• _Exercise brief_
Of all the lines in the material, how many carry the string "color"? Respond with the number by itself.
Segment Open
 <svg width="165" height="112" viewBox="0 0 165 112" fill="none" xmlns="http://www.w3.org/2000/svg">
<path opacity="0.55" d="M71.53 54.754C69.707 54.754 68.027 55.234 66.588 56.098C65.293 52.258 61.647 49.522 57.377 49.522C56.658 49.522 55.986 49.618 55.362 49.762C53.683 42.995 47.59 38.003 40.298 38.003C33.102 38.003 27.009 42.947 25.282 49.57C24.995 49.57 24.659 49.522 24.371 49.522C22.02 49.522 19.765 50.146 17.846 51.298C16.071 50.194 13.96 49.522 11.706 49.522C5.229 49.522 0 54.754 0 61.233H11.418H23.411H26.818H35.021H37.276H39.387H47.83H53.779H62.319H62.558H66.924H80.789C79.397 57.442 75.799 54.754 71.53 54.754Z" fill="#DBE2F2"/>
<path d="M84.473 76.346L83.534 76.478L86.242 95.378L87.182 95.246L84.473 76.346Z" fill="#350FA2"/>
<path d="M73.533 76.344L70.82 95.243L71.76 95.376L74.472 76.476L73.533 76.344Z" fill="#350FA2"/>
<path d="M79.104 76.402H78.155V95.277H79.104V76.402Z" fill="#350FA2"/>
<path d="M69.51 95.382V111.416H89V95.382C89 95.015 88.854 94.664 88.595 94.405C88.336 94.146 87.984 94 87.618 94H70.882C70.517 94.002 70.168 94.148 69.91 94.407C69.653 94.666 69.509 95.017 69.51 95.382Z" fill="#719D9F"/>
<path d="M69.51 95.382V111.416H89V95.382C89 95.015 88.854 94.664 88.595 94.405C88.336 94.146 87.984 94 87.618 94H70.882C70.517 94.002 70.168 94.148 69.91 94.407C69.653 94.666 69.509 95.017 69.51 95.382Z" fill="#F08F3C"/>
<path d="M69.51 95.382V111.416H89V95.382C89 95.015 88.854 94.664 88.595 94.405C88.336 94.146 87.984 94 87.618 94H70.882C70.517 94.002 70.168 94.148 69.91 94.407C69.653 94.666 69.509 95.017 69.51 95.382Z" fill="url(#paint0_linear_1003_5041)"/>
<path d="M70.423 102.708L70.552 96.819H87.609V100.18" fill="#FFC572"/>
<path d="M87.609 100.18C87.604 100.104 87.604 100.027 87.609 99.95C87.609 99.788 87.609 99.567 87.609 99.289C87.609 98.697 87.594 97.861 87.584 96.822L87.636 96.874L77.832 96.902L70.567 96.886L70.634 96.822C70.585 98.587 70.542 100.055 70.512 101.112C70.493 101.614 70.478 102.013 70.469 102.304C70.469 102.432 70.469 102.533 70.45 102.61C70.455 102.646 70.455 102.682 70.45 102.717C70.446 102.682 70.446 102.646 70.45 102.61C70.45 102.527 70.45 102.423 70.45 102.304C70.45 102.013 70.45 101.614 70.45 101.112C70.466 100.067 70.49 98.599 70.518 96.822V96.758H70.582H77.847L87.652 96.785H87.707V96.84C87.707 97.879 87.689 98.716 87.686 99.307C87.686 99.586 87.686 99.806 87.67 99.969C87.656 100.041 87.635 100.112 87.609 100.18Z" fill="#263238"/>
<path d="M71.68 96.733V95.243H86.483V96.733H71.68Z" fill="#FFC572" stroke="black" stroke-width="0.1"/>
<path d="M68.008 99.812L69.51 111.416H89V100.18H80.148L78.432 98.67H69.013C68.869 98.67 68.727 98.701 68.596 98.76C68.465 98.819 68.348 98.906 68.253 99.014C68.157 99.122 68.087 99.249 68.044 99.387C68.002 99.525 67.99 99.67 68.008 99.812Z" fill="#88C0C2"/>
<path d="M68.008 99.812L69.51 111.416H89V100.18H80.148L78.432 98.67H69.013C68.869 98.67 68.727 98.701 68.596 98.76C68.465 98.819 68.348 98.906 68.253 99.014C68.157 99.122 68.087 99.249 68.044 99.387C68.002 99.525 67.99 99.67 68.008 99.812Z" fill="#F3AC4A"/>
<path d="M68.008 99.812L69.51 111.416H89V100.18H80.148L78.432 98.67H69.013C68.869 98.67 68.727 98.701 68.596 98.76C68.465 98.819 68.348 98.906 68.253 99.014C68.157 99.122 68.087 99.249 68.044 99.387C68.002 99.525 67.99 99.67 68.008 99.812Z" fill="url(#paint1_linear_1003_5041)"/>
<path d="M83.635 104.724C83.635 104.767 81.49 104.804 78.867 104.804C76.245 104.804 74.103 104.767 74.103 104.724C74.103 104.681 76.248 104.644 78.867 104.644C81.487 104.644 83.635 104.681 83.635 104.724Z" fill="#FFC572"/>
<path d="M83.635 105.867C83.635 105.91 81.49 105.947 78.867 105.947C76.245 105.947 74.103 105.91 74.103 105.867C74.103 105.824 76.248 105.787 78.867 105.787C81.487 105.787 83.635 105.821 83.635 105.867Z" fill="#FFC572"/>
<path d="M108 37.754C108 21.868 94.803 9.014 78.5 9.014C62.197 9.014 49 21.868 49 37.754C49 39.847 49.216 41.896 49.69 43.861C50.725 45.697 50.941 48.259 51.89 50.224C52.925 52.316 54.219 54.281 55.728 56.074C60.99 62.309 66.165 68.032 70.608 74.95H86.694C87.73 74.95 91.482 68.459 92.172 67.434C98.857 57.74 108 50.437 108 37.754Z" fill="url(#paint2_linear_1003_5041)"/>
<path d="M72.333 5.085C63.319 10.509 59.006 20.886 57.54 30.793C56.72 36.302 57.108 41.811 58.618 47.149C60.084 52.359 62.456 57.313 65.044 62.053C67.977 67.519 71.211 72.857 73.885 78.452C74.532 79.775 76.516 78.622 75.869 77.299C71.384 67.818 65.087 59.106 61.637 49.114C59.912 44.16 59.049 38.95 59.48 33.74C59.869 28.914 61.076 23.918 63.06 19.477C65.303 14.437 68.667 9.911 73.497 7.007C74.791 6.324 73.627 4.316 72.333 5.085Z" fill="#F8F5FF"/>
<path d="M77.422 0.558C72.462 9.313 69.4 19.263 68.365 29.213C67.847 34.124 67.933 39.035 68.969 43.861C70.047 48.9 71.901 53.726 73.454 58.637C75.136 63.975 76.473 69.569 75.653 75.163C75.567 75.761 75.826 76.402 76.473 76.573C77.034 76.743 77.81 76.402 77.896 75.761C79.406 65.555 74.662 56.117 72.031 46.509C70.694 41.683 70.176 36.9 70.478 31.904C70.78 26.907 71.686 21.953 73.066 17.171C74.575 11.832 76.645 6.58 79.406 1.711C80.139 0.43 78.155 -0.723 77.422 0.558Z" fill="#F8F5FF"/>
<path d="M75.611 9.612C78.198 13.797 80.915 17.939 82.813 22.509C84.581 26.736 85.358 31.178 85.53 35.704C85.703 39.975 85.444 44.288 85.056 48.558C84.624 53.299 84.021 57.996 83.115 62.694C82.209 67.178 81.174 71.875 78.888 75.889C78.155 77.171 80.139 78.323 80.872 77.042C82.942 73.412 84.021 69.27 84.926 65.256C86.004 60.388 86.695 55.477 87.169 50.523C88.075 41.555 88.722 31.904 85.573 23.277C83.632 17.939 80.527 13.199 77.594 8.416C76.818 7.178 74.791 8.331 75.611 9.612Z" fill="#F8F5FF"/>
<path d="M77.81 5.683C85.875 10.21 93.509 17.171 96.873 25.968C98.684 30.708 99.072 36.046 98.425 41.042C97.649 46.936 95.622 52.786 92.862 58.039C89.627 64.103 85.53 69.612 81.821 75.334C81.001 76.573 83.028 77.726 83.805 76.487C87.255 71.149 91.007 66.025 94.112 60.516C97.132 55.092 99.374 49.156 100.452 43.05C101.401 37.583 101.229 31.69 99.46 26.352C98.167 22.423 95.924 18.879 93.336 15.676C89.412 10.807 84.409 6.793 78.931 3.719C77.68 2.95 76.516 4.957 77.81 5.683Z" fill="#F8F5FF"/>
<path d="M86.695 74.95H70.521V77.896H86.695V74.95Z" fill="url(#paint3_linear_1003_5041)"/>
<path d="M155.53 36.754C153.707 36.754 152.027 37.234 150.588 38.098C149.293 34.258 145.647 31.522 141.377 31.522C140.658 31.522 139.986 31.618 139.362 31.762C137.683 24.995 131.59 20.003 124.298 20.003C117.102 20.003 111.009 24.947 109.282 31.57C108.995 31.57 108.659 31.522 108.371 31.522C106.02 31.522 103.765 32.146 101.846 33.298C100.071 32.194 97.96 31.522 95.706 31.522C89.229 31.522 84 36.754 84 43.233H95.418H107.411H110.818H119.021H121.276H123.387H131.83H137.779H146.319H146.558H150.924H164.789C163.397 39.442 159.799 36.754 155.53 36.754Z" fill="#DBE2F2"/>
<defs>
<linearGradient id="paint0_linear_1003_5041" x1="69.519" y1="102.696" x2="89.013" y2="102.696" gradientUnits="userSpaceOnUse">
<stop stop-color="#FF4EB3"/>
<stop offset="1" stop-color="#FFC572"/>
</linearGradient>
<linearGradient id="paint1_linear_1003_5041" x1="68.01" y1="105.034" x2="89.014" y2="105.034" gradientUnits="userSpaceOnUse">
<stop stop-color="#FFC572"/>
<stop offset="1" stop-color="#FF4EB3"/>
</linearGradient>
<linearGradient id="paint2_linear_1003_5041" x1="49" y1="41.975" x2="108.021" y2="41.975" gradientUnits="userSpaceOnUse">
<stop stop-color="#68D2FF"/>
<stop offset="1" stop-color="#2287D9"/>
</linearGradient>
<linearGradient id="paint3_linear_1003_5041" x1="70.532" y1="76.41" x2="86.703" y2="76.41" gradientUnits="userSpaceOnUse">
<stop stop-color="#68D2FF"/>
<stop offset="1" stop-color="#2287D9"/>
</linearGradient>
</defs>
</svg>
Segment Closed
• _Answer box_
8